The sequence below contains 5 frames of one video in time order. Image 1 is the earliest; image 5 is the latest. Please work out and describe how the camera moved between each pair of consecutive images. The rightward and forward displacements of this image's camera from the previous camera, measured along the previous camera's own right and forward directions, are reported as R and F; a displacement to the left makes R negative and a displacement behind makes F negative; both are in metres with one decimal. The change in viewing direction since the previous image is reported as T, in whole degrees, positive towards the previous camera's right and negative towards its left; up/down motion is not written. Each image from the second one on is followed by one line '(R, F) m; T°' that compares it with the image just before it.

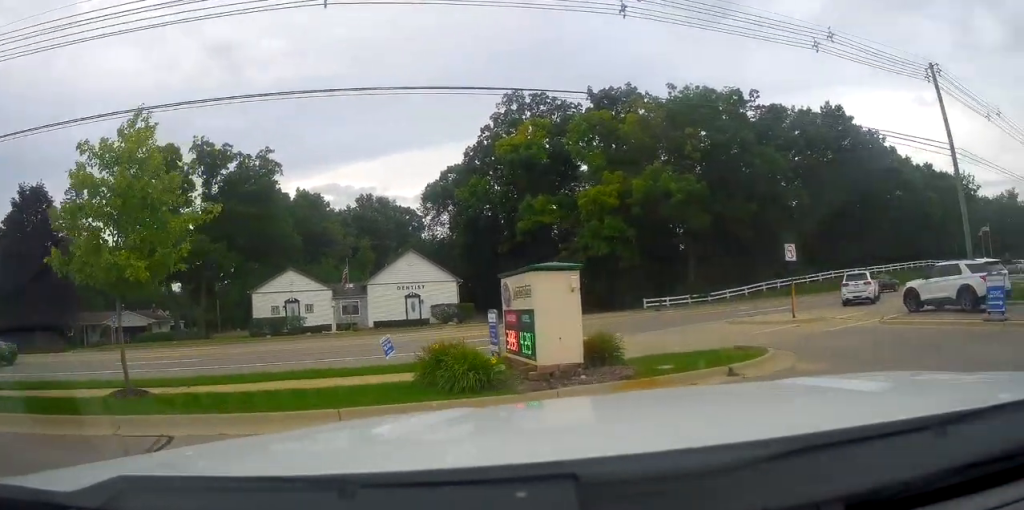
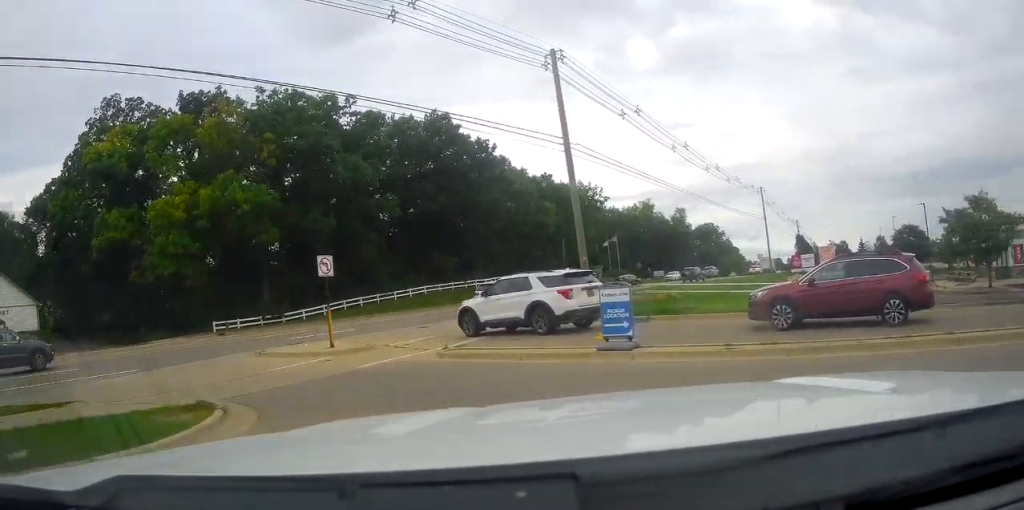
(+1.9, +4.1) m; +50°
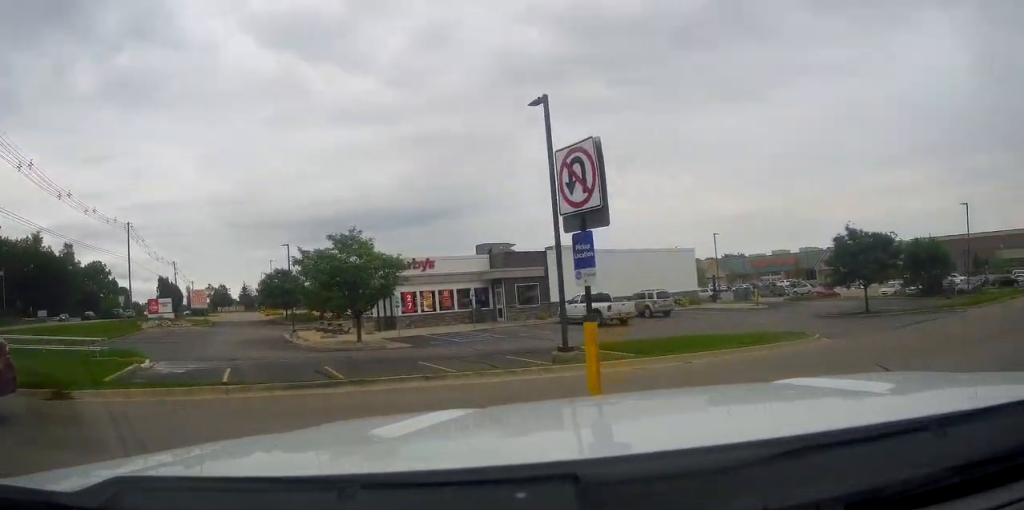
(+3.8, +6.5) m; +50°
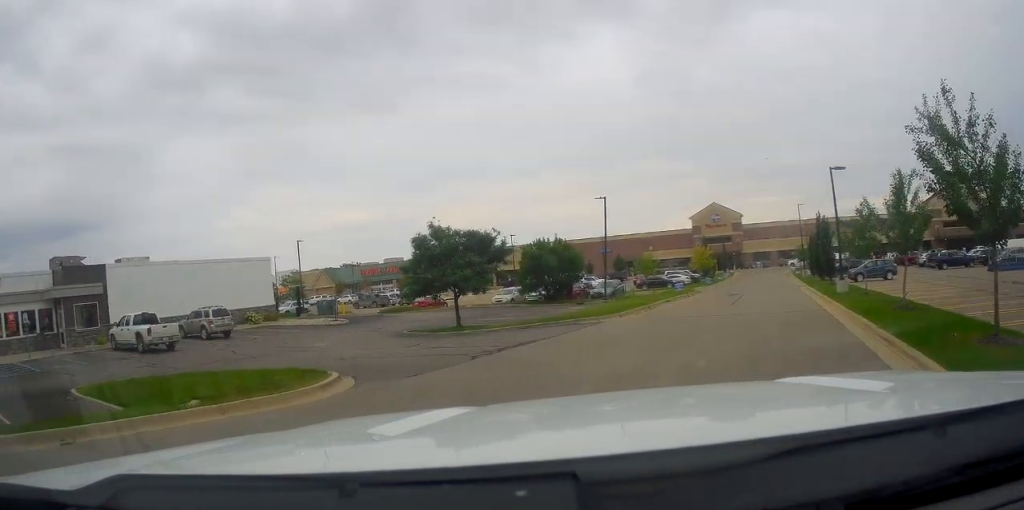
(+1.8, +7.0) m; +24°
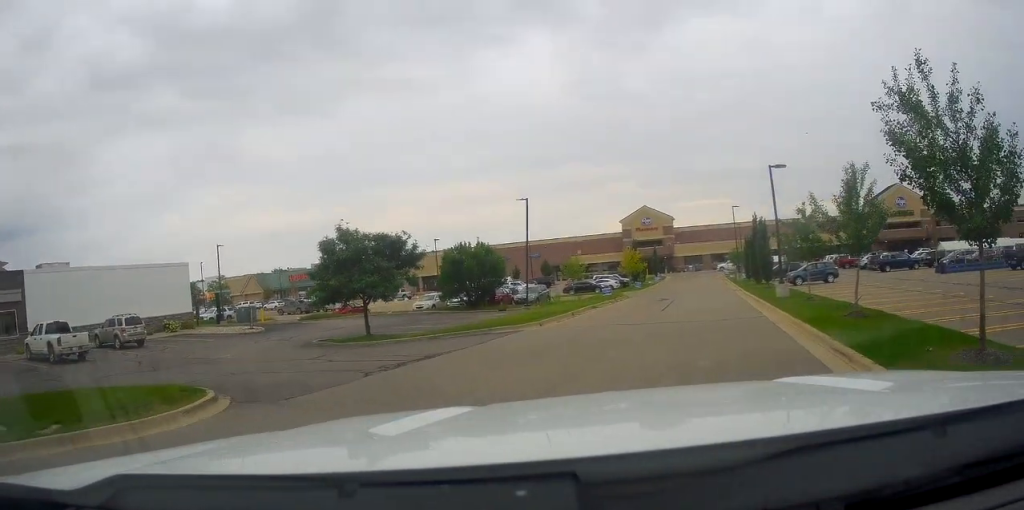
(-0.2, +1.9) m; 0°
* * *
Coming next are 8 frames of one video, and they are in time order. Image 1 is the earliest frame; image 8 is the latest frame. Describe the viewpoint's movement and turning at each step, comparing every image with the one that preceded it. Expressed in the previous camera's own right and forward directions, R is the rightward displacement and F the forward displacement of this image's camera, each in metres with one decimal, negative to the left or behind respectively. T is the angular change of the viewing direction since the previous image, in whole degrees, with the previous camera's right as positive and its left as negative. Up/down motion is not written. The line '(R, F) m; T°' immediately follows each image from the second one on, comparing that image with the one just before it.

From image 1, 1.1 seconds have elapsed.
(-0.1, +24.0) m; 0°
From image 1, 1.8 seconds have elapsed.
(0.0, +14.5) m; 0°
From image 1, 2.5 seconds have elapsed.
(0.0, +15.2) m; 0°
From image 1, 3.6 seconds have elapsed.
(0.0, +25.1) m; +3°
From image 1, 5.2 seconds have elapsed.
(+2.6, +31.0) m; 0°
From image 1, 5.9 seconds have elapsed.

> **Exercise description**:
Output the lines of the records above exactly as they appear, from the line containing "From image 1, 2.5 seconds have elapsed." through the line containing "From image 1, 5.9 seconds have elapsed.".

> **Answer space**:
From image 1, 2.5 seconds have elapsed.
(0.0, +15.2) m; 0°
From image 1, 3.6 seconds have elapsed.
(0.0, +25.1) m; +3°
From image 1, 5.2 seconds have elapsed.
(+2.6, +31.0) m; 0°
From image 1, 5.9 seconds have elapsed.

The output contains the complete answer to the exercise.